Dr Vicki Stevenson, Welsh School of Architecture and chair of Wise (Women into Science, Engineering and Construction) in Wales is one of the organisers of the sessions. She said: "Although we may not realise it, there is lots of subtle stereotyping happening throughout childhood which mean that even before the end of primary school girls are picking up the idea that engineering and science are not suitable for girls. These sessions are designed to show just how rewarding careers in these subject areas can be regardless of background and gender.

"Since expanding into the other regions, the number of girls with access to Discover! has tripled. We have also been able to increase the range of topics to include glaciology, bio-remediation, forensic techniques and human computing."

The original Cardiff and Vale Discover! club has been running for three years. This year it has included topics such as DNA analysis, developing an artificial hand, mineral based textile design and using the Faulkes Telescope whose operations centre is in the School of Physics and Astronomy. They will also have the opportunity to go on industrial visits to the RWE nPower power station at Aberthaw, a Carillion civil engineering project on the M4 and British Airways Maintenance Cardiff.

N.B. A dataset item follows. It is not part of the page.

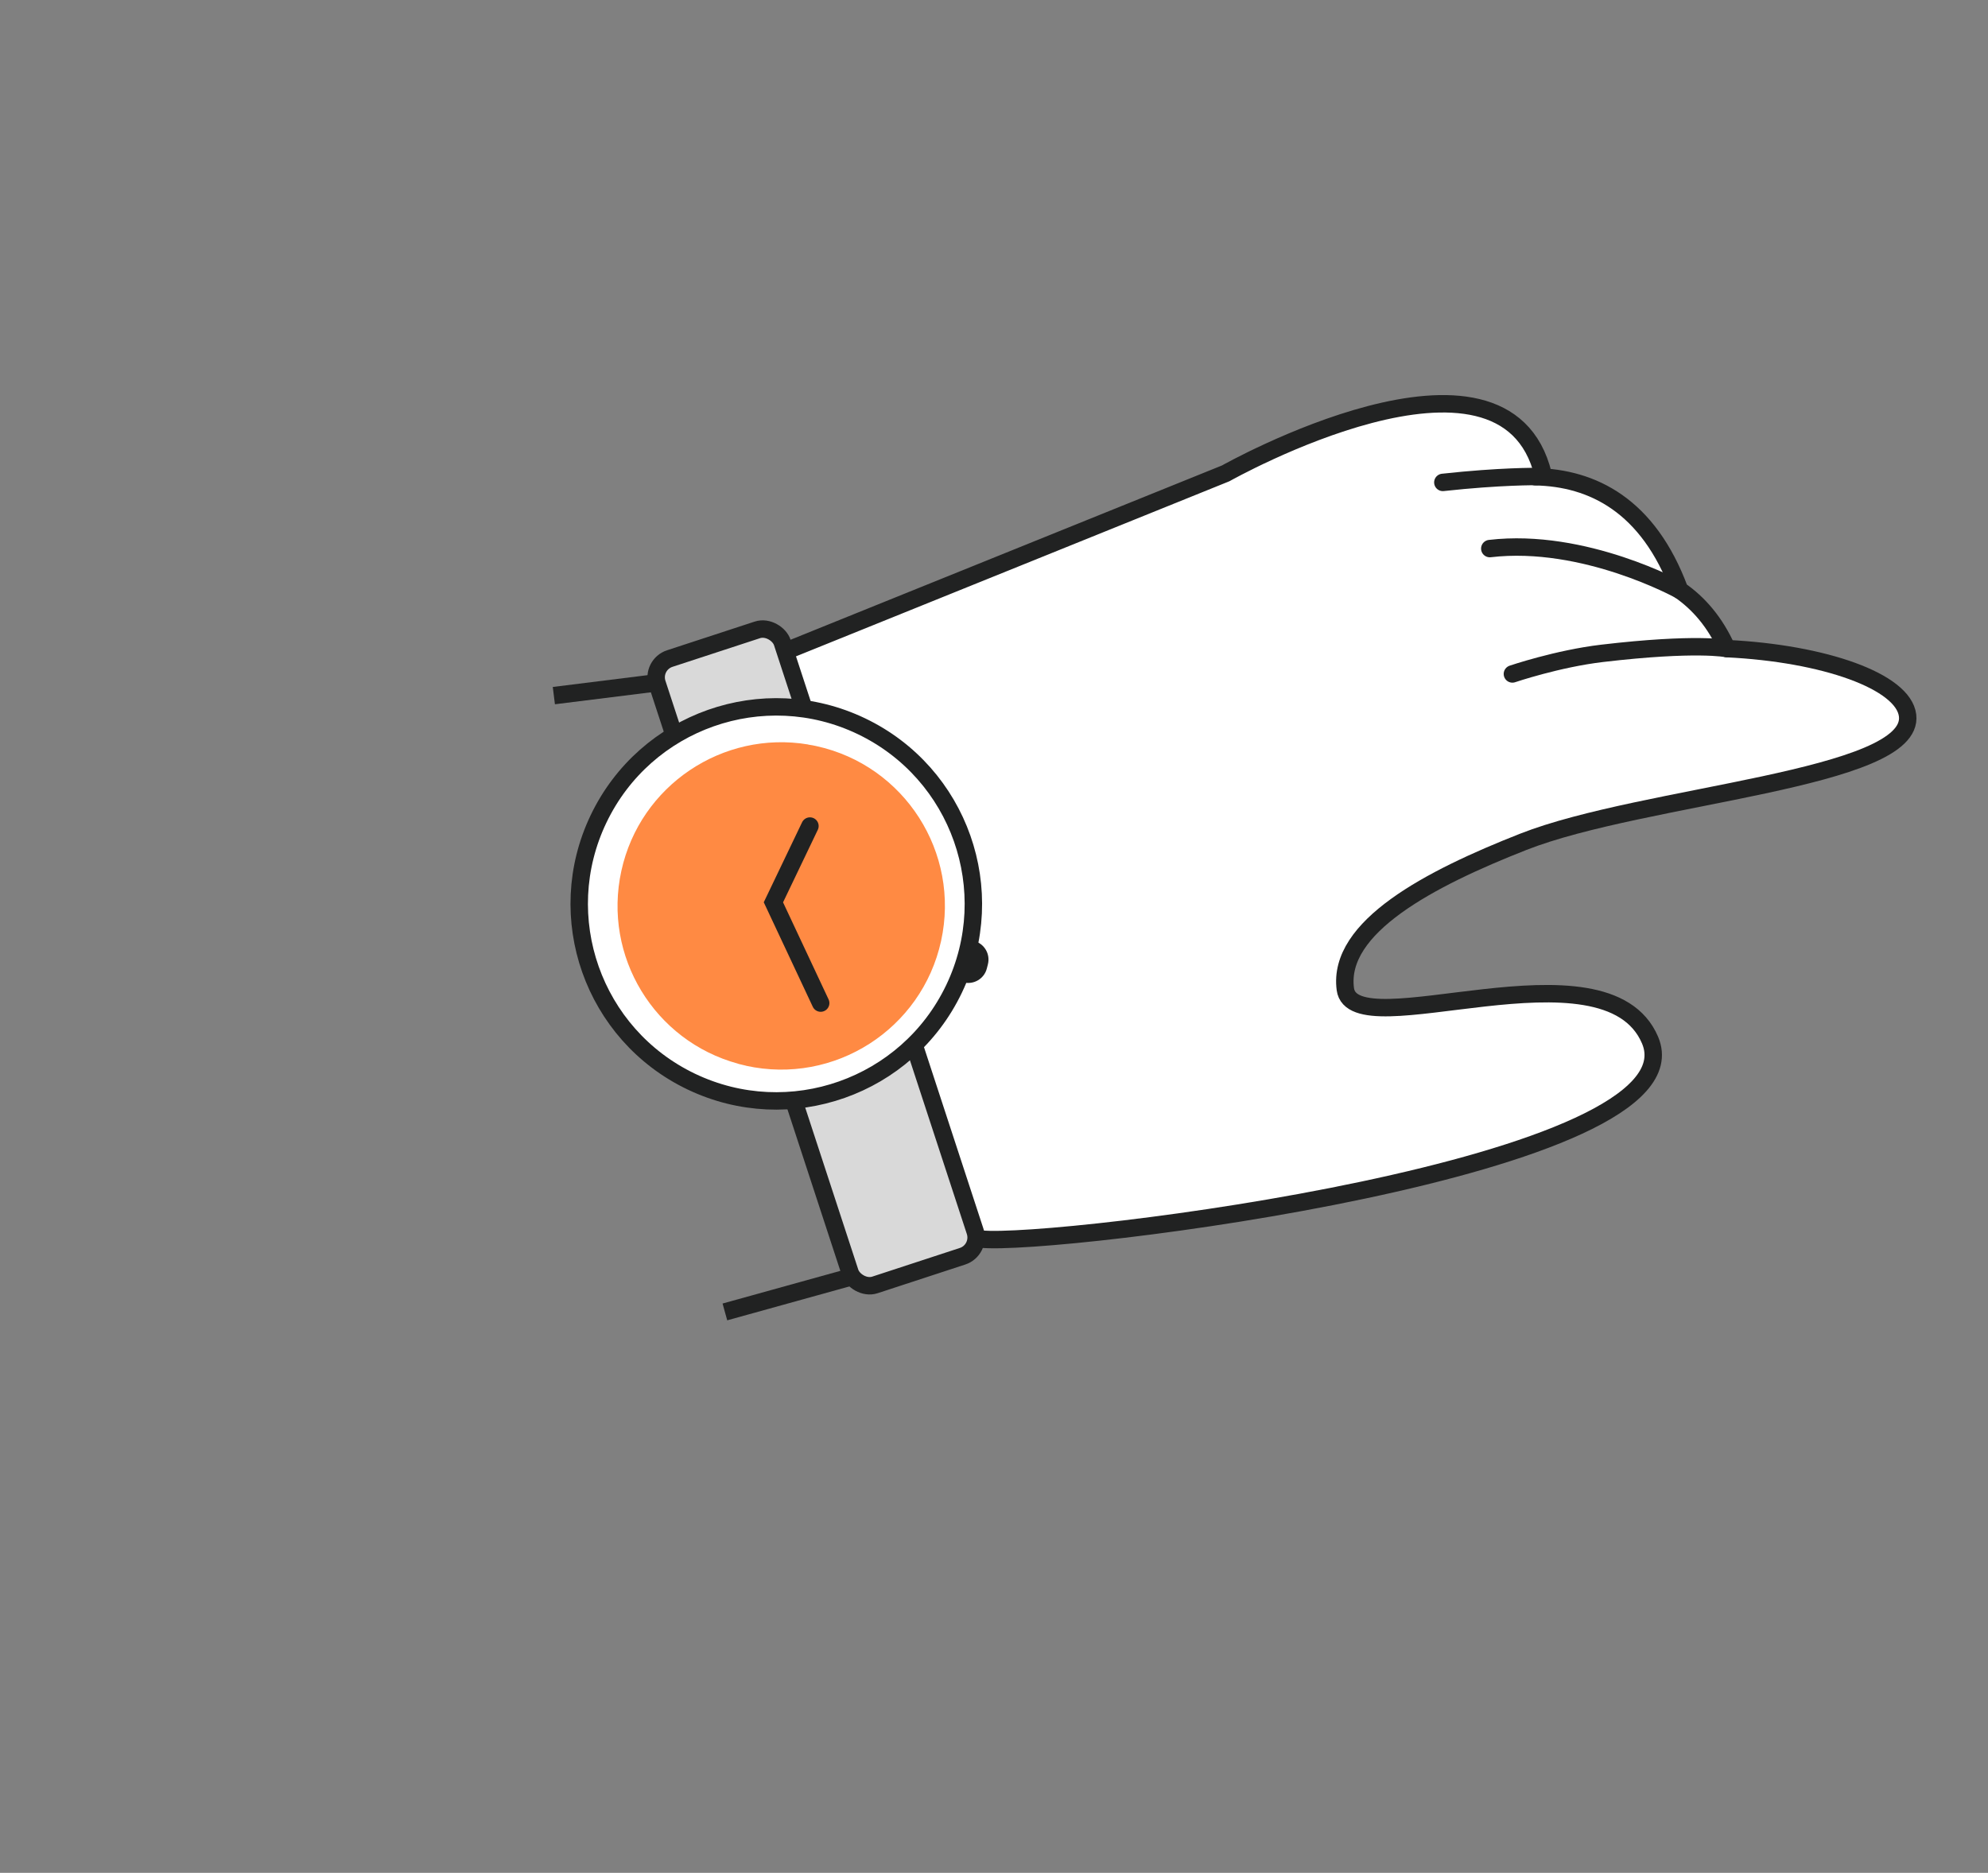 <?xml version="1.0" encoding="UTF-8"?> <svg xmlns="http://www.w3.org/2000/svg" width="104" height="98" viewBox="0 0 104 98" fill="none"><rect x="0" y="0" width="104" height="98" fill="#808080" stroke="none"/><path d="M51.328 64.838C55.141 65.246 89.135 61.068 86.322 54.429C84.001 48.961 70.795 54.882 70.38 51.76C69.945 48.502 74.809 45.969 79.691 44.049C86.009 41.564 100.206 40.8 99.793 37.438C99.575 35.651 95.427 34.188 90.344 33.941C89.723 32.556 88.867 31.568 87.87 30.88C86.223 26.424 83.296 25.007 80.315 24.946L80.73 24.843C78.723 16.53 64.12 24.77 64.12 24.77L41.306 33.989" fill="white"></path><path d="M51.328 64.838C55.141 65.246 89.135 61.068 86.322 54.429C84.001 48.961 70.795 54.882 70.38 51.76C69.945 48.502 74.809 45.969 79.691 44.049C86.009 41.564 100.206 40.8 99.793 37.438C99.575 35.651 95.427 34.188 90.344 33.941C89.723 32.556 88.867 31.568 87.87 30.88C86.223 26.424 83.296 25.007 80.315 24.946L80.73 24.843C78.723 16.53 64.12 24.77 64.12 24.77L41.306 33.989" stroke="#212222" stroke-width="0.912" stroke-linecap="round" stroke-linejoin="round"></path><path d="M90.339 33.939C90.339 33.939 88.761 33.605 83.813 34.188C81.478 34.464 79.12 35.266 79.12 35.266" fill="white"></path><path d="M90.339 33.939C90.339 33.939 88.761 33.605 83.813 34.188C81.478 34.464 79.12 35.266 79.12 35.266" stroke="#212222" stroke-width="0.912" stroke-linecap="round" stroke-linejoin="round"></path><path d="M87.867 30.879C87.867 30.879 82.885 28.123 77.937 28.706L87.867 30.879Z" fill="white"></path><path d="M87.867 30.879C87.867 30.879 82.885 28.123 77.937 28.706" stroke="#212222" stroke-width="0.912" stroke-linecap="round" stroke-linejoin="round"></path><path d="M80.389 24.936C80.389 24.936 78.5 24.912 75.481 25.243L80.389 24.936Z" fill="white"></path><path d="M80.389 24.936C80.389 24.936 78.5 24.912 75.481 25.243" stroke="#212222" stroke-width="0.912" stroke-linecap="round" stroke-linejoin="round"></path><path d="M28.974 36.4L41.121 34.885L50.217 65.238L37.922 68.65" stroke="#212222" stroke-width="0.912"></path><rect x="34.056" y="34.782" width="6.889" height="34.489" rx="1.033" transform="rotate(-18.129 34.056 34.782)" fill="#D9D9D9" stroke="#212222" stroke-width="0.912"></rect><path d="M36.16 56.596C41.294 59.054 47.45 56.885 49.908 51.75C52.367 46.615 50.197 40.46 45.063 38.001C39.928 35.543 33.773 37.712 31.314 42.847C28.855 47.981 31.025 54.137 36.16 56.596Z" fill="white" stroke="#212222" stroke-width="0.912" stroke-miterlimit="10"></path><path d="M50.644 49.156L50.957 49.237C51.497 49.376 51.822 49.93 51.678 50.472L51.625 50.68C51.487 51.22 50.933 51.546 50.391 51.401L49.705 51.222L50.644 49.156Z" fill="#212222"></path><path d="M39.033 55.767C38.898 55.736 38.765 55.701 38.629 55.67L38.61 55.66C34.236 54.472 31.525 50.045 32.506 45.569C33.485 41.097 37.806 38.211 42.275 38.956L42.295 38.966C42.436 38.985 42.569 39.01 42.705 39.041C47.323 40.051 50.244 44.617 49.232 49.238C48.22 53.859 43.654 56.783 39.032 55.77L39.033 55.767Z" fill="#FF8A43"></path><path d="M42.371 43.225L40.46 47.216L42.933 52.489" stroke="#212222" stroke-width="0.912" stroke-linecap="round"></path></svg>

Several of the Cardiff ‘Discover!’ sessions have taken place at the University involving more than eight female academics and researchers, including Science Made Simple director, Wendy Sadler and support from Professor Karen Holford, the first female professor in the School of Engineering and the winner of the 2007 WISE Excellence Award.

They sessions are jointly organised with Careers Wales Cardiff and Vale, Careers Wales Gwent, Swansea University, Careers Wales West and Construction Skills.